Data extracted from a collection
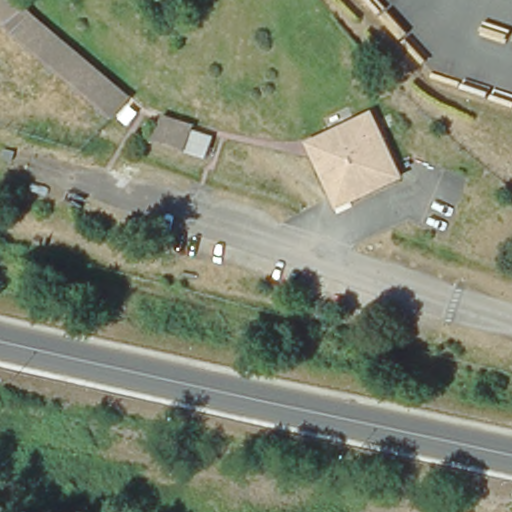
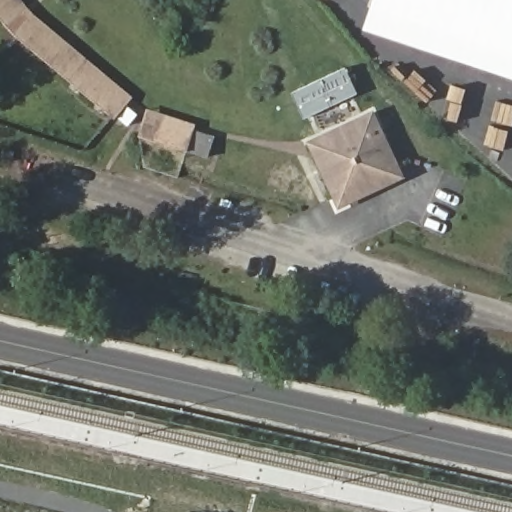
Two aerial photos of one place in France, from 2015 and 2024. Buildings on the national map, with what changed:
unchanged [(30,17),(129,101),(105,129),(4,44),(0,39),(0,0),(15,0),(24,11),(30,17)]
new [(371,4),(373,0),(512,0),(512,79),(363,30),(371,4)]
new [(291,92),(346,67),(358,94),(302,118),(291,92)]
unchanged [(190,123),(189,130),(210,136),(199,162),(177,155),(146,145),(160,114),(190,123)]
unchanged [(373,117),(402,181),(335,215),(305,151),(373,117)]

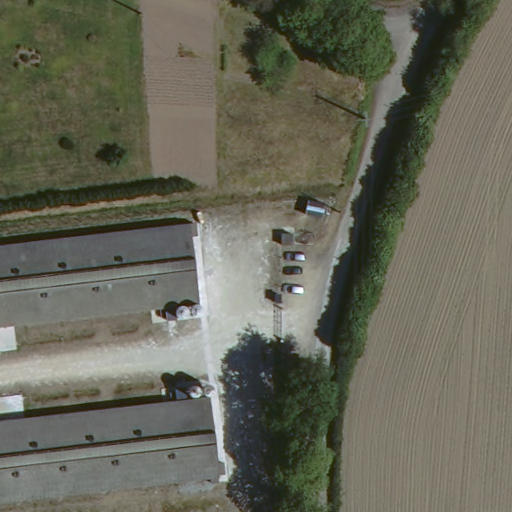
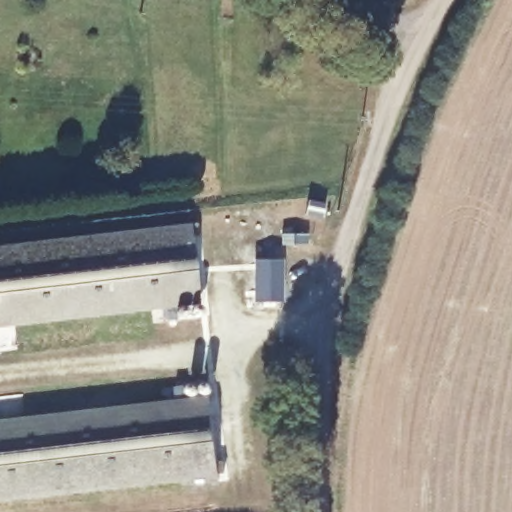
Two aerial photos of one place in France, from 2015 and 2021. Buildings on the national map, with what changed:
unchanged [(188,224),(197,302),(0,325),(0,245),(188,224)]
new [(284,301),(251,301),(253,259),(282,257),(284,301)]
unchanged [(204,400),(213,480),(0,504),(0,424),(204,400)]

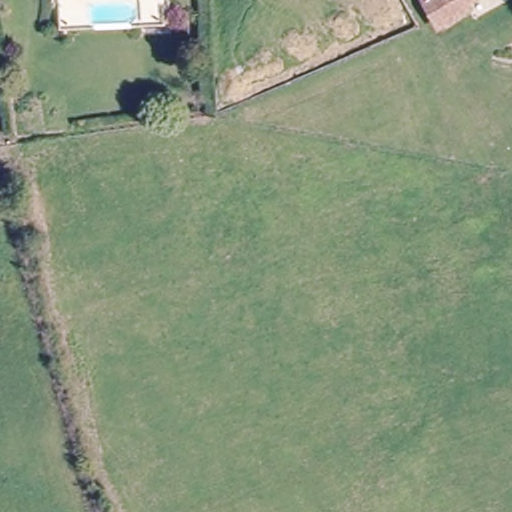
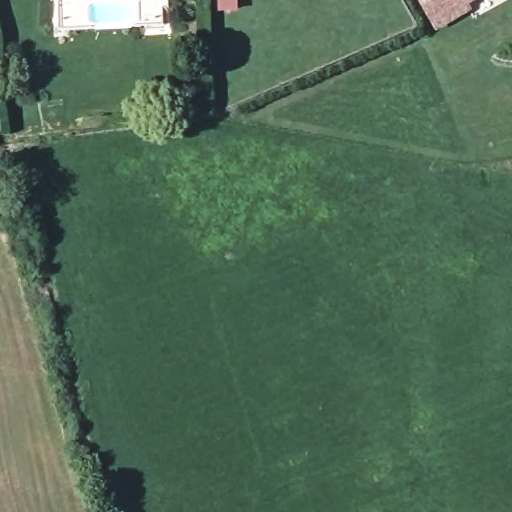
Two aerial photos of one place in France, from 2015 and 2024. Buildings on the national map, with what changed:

How to complete this task:
Every entry above should come back exactly as written, except for its pictures.

Response to this exercise:
Two aerial photos of one place in France, from 2015 and 2024. Buildings on the national map, with what changed:
unchanged [(30,17),(129,101),(105,129),(4,44),(0,39),(0,0),(15,0),(24,11),(30,17)]
new [(371,4),(373,0),(512,0),(512,79),(363,30),(371,4)]
new [(291,92),(346,67),(358,94),(302,118),(291,92)]
unchanged [(190,123),(189,130),(210,136),(199,162),(177,155),(146,145),(160,114),(190,123)]
unchanged [(373,117),(402,181),(335,215),(305,151),(373,117)]

Two aerial photos of one place in France, from 2015 and 2021. Buildings on the national map, with what changed:
unchanged [(188,224),(197,302),(0,325),(0,245),(188,224)]
new [(284,301),(251,301),(253,259),(282,257),(284,301)]
unchanged [(204,400),(213,480),(0,504),(0,424),(204,400)]

Two aerial photos of one place in France, from 2015 and 2024. Buildings on the national map, with what changed:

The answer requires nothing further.